Compensation. Compensation paid to the management company must be reasonable as compared to market rates for similar services. If the management company is a disqualified person (insider) with respect to the charity, excessive compensation could be deemed an excess benefit transaction. If the management company is not a disqualified person with respect to the nonprofit, then excessive payments could still result in a private benefit that threatens the nonprofit’s tax-exempt status.

Termination. Termination and default provisions should not unreasonably restrict the nonprofit’s option to terminate the contract. The ability to end the relationship is key to maintaining a healthy vendor/vendee relationship.

Access to Data. Permitting a management company to unilaterally control financial data, vendor information, donor information, program data, or to control websites and social media accounts can be disastrous in the event the nonprofit and the management company part ways.
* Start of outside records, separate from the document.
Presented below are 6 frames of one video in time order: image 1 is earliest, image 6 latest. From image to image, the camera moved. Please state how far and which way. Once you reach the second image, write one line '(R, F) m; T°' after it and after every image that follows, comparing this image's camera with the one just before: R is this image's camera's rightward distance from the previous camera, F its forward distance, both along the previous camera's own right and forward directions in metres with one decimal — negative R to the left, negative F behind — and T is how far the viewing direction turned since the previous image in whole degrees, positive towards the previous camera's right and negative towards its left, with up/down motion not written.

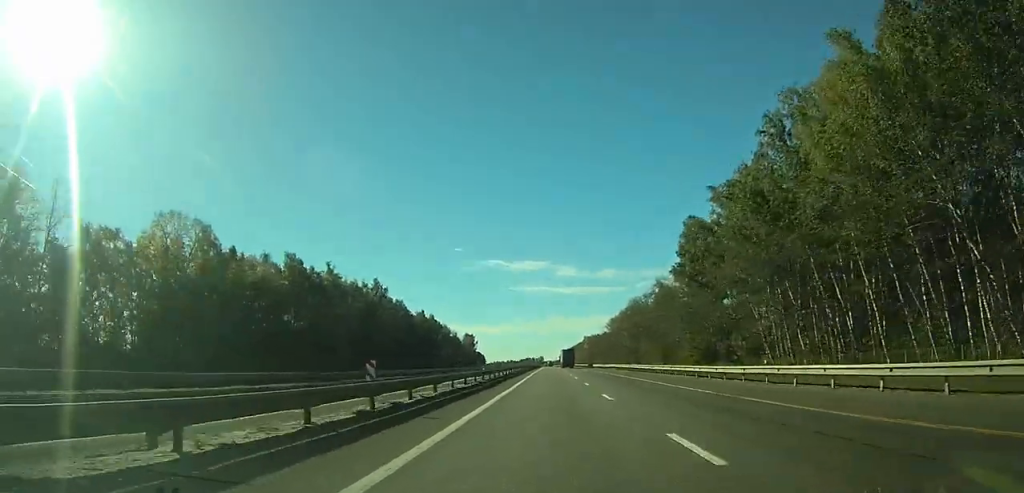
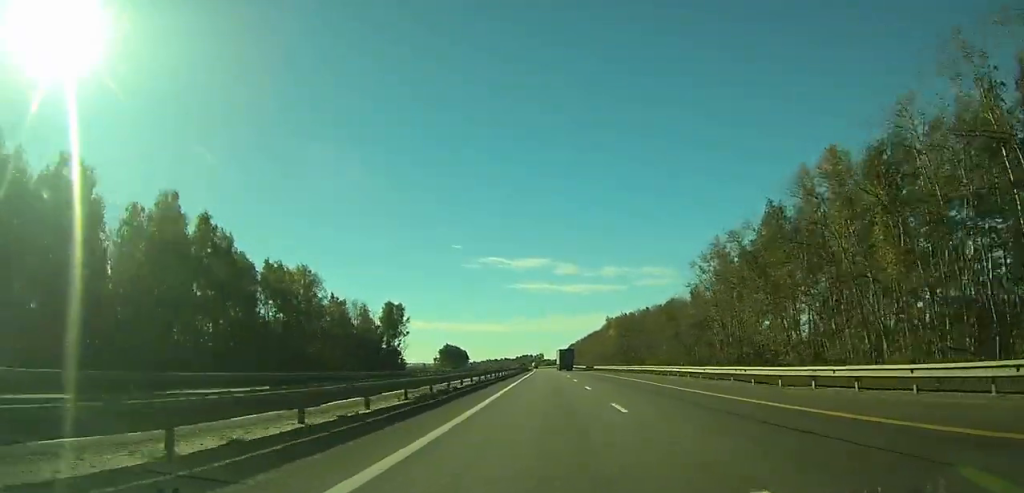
(-0.3, +160.7) m; 0°
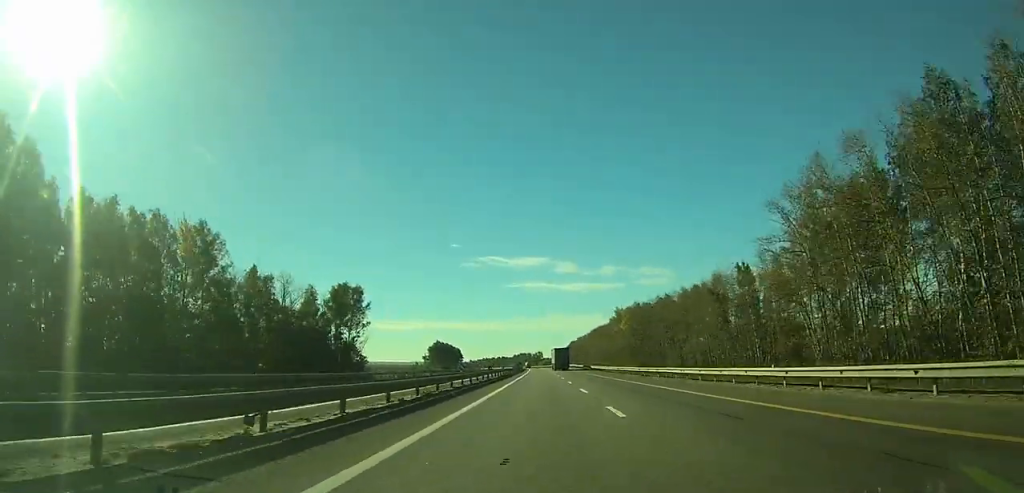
(-0.1, +37.0) m; 0°
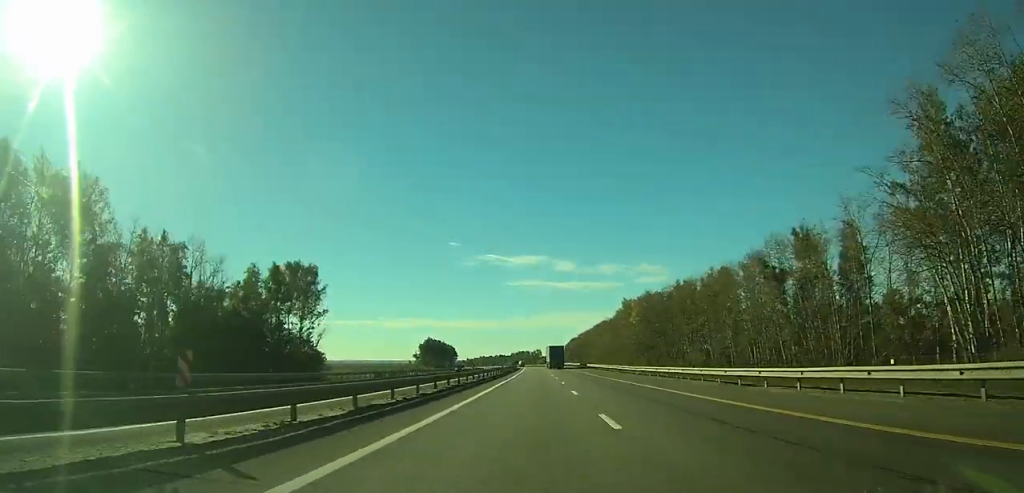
(0.0, +25.8) m; 0°
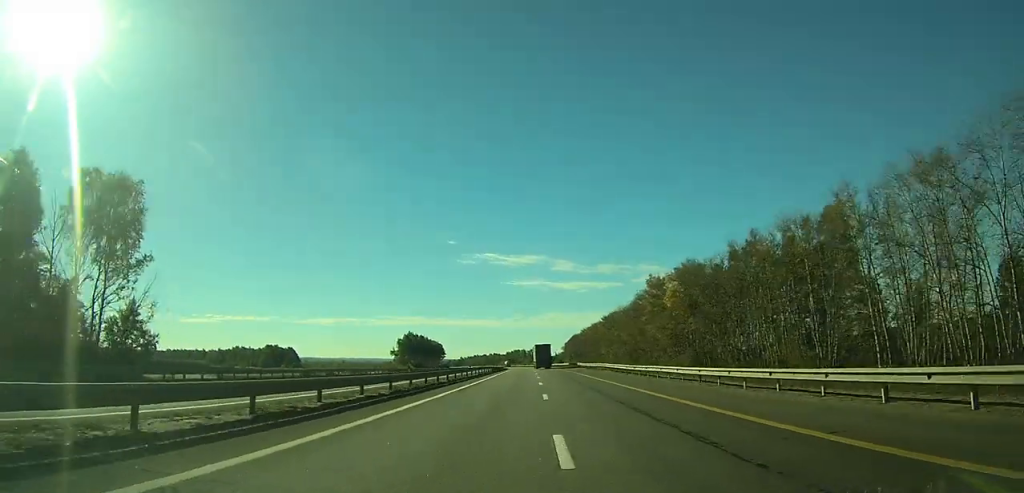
(+0.1, +51.6) m; 0°
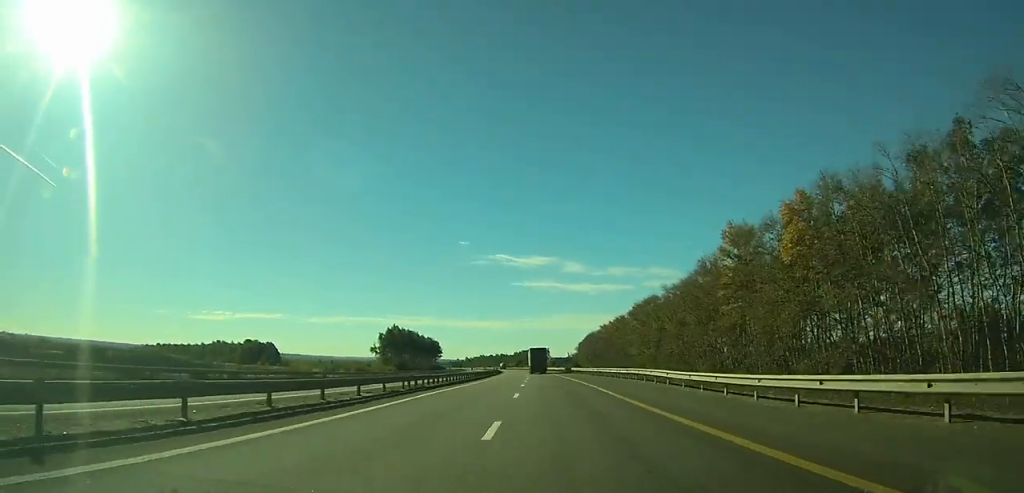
(0.0, +56.9) m; -1°

Ideally, both the nonprofit and the management company should be able to access company information and data.

Ownership of Intellectual Property. Licensing a name, trademark or other brand related intellectual property from a management company favors the management company and can leave the nonprofit without any goodwill of its own once the agreement is terminated. Also, management company agreements should specify that intellectual property created as part of the management company’s duties for the nonprofit are work made for hire that belongs to the nonprofit so the nonprofit can continue using such intellectual property after the agreement is terminated.